In the entries below, the word "with" appears on some lines. Copy each of those lines.

▼▼▼

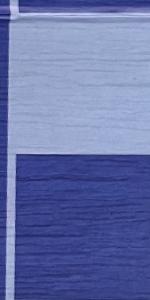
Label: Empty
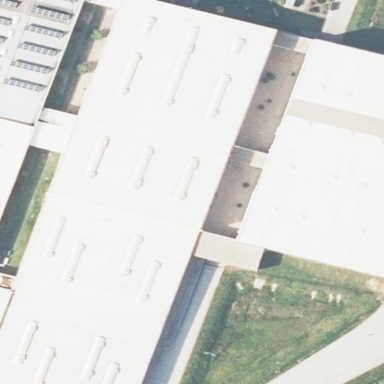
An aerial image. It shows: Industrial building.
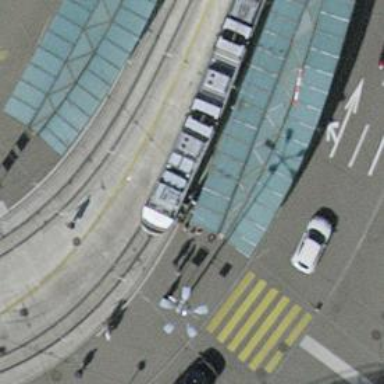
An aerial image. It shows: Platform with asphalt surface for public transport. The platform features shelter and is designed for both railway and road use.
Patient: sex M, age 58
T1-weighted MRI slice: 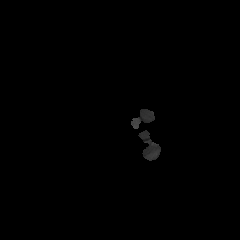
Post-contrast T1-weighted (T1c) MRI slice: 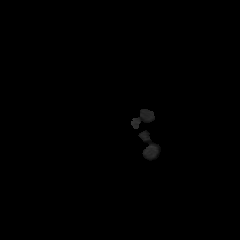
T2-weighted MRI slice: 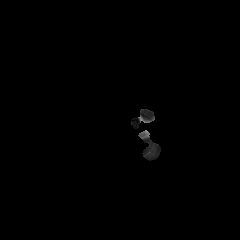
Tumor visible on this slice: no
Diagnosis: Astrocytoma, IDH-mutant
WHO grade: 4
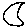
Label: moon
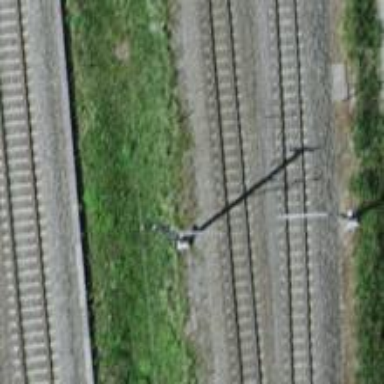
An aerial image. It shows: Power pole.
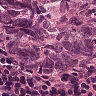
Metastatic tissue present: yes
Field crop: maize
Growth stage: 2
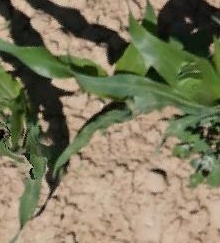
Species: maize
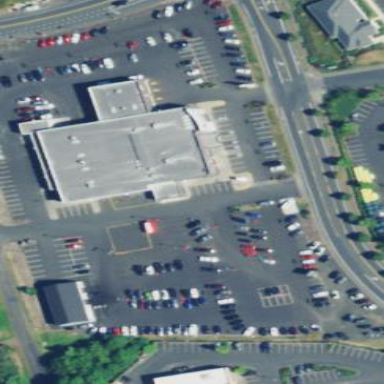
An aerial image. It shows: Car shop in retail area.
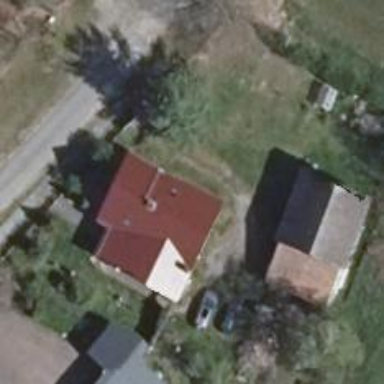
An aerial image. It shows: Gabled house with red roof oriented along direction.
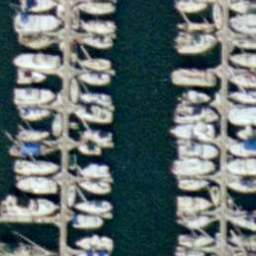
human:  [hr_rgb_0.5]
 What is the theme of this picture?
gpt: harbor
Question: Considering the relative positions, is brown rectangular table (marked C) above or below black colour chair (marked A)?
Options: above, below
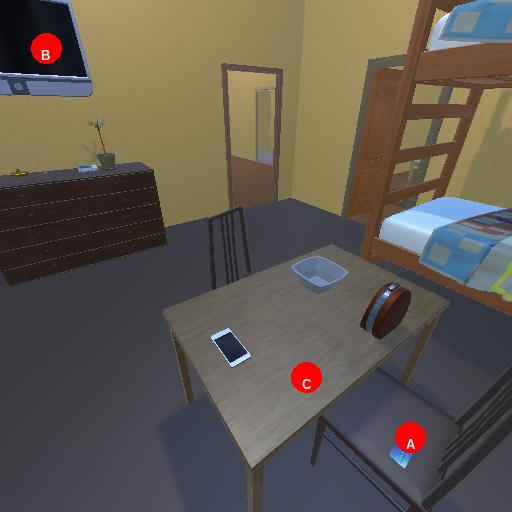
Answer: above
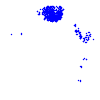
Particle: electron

▲▲▲
▼▼▼

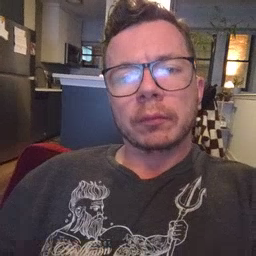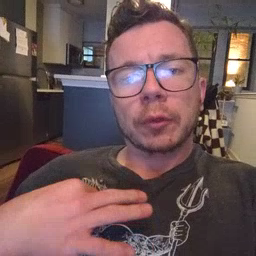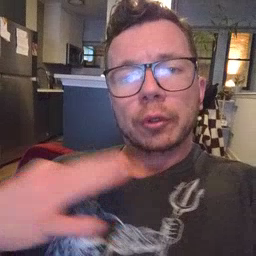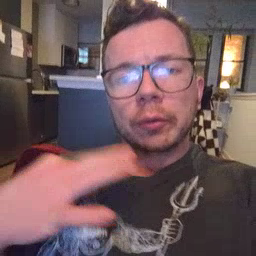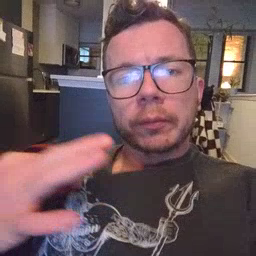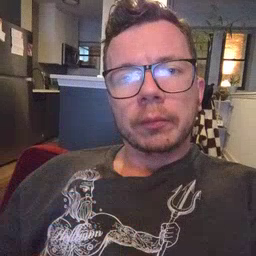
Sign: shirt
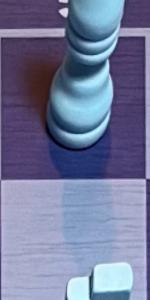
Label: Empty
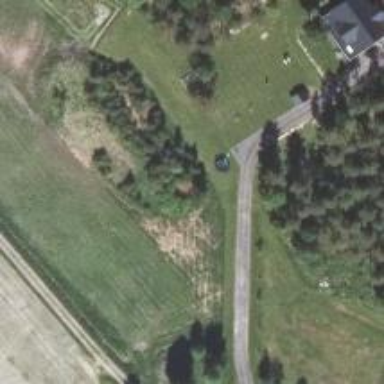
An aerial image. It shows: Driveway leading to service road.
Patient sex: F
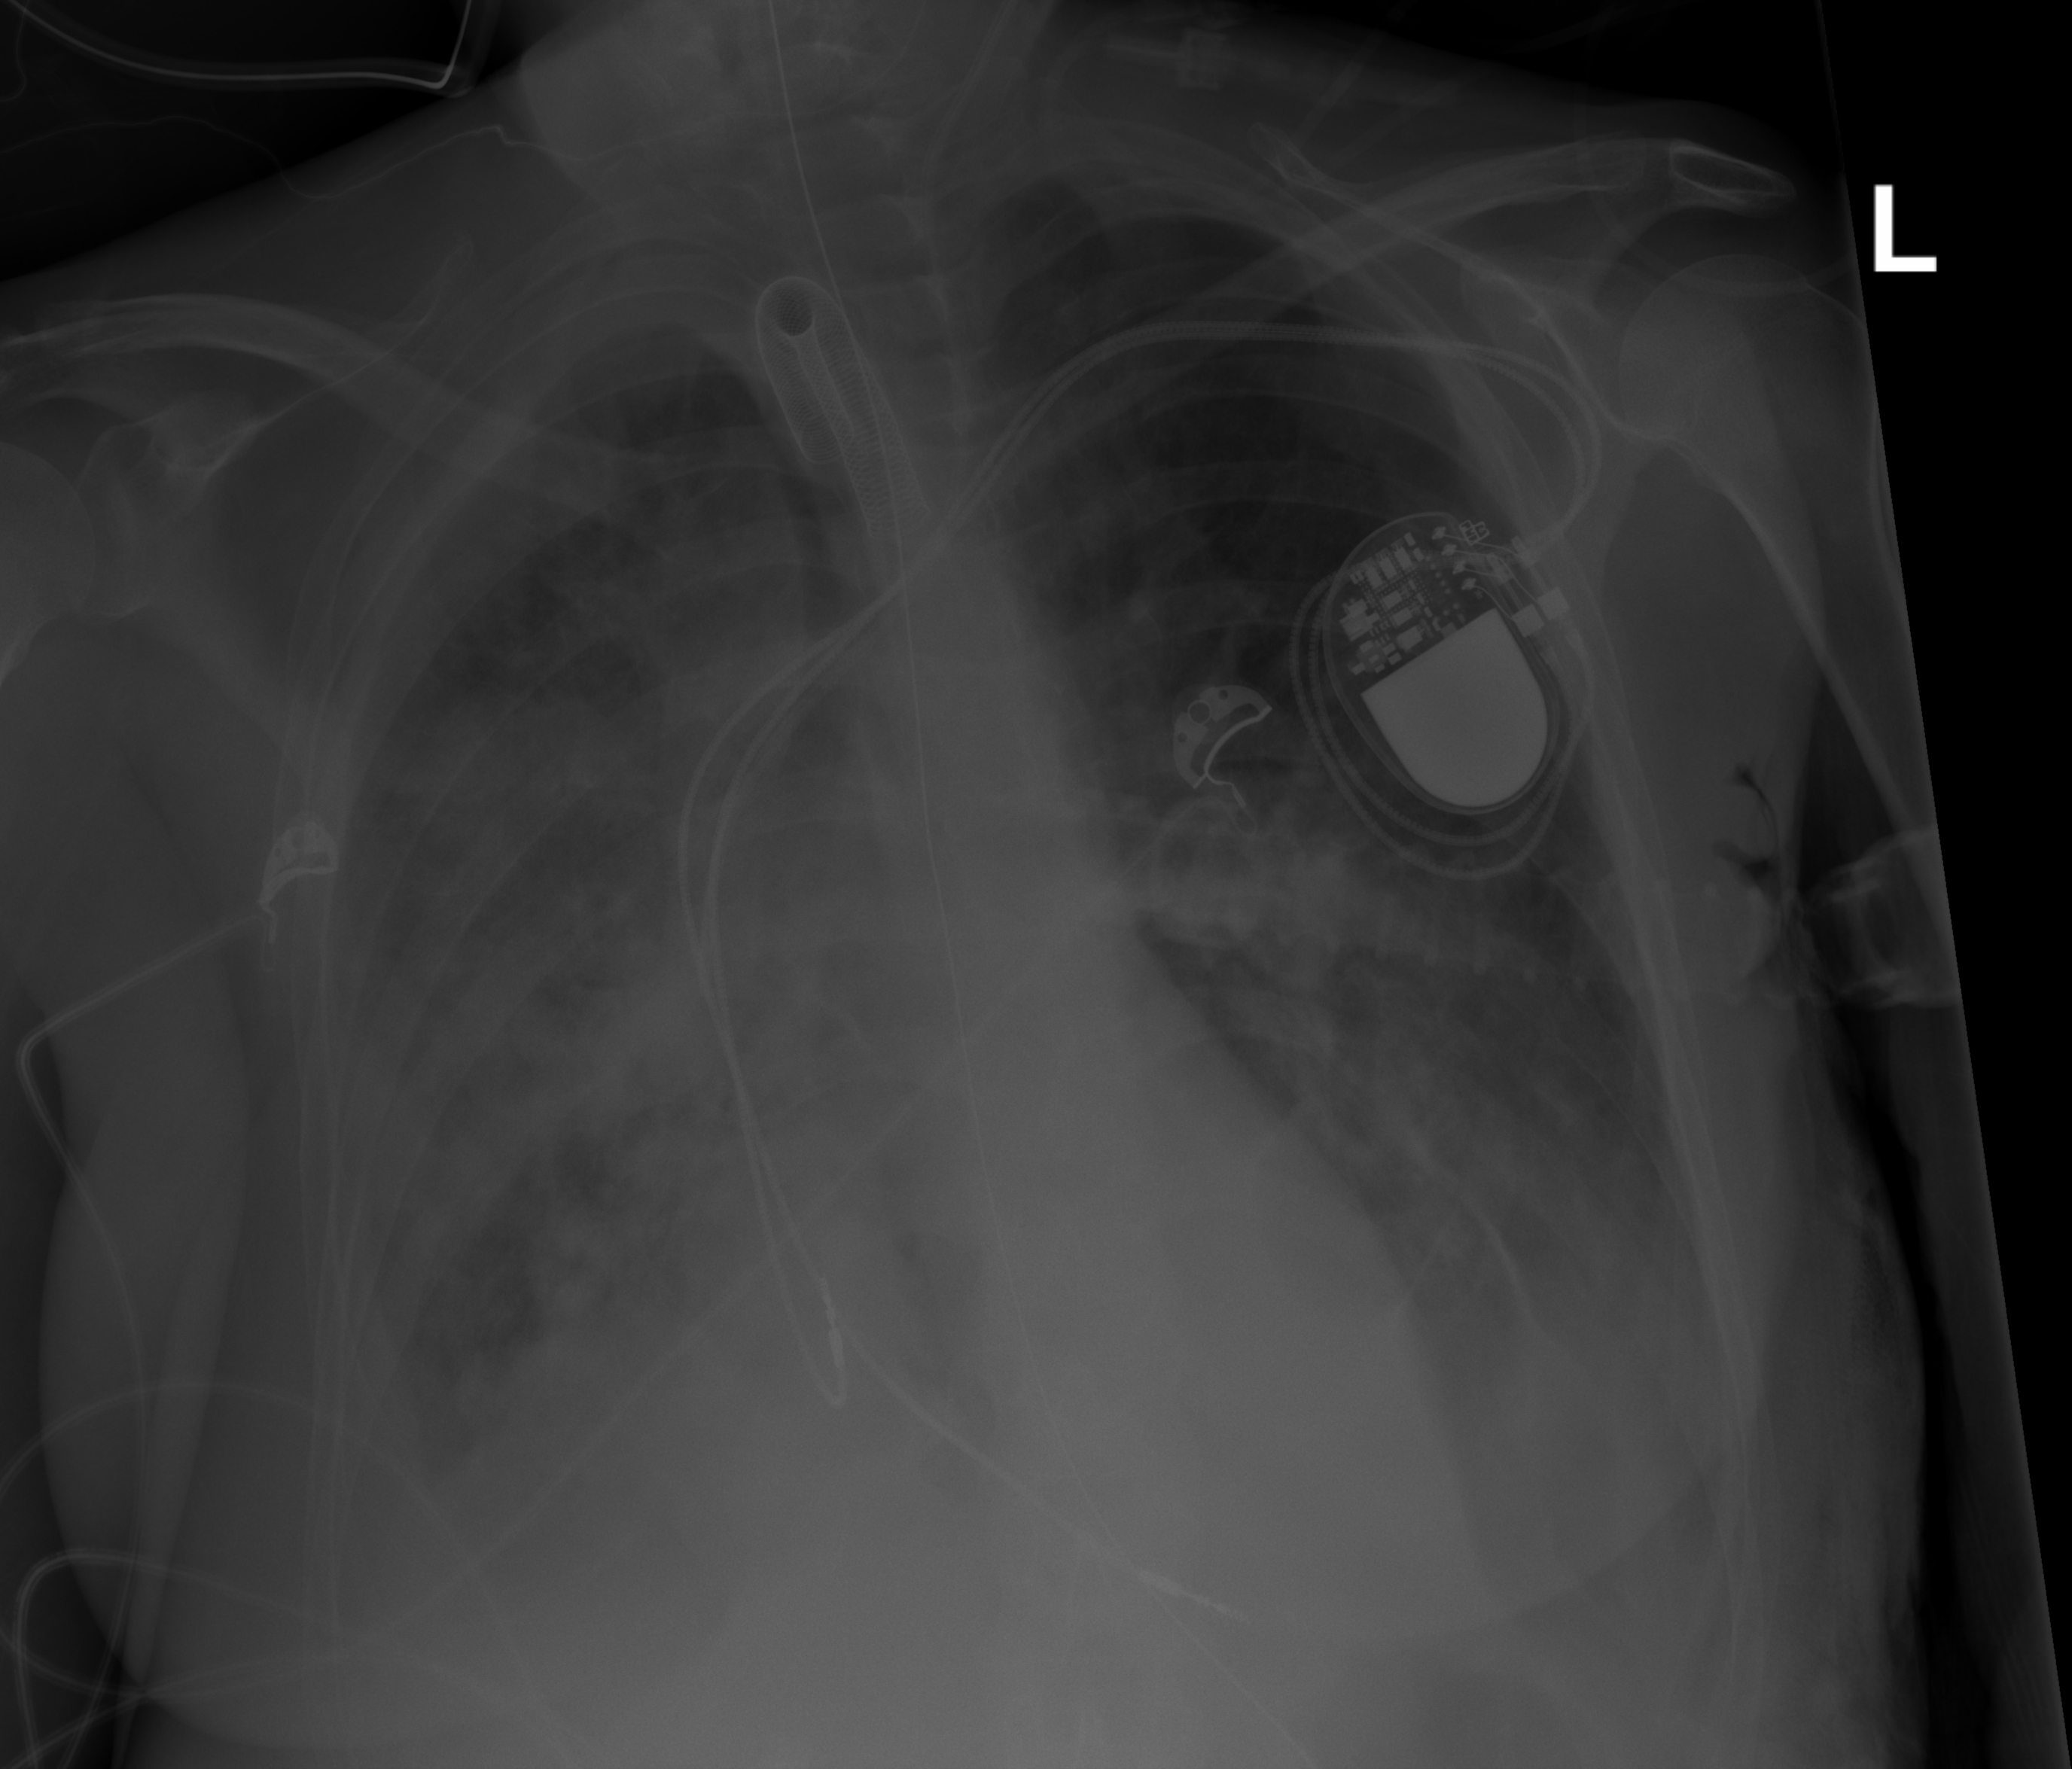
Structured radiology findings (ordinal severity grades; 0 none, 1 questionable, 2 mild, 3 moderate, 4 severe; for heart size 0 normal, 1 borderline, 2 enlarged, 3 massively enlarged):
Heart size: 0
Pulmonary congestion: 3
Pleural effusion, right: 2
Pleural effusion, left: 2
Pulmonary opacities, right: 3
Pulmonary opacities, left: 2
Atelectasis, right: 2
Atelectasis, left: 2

▲▲▲

SOLUTION:
An aerial image. It shows: Platform with asphalt surface for public transport. The platform features shelter and is designed for both railway and road use.
An aerial image. It shows: Gabled house with red roof oriented along direction.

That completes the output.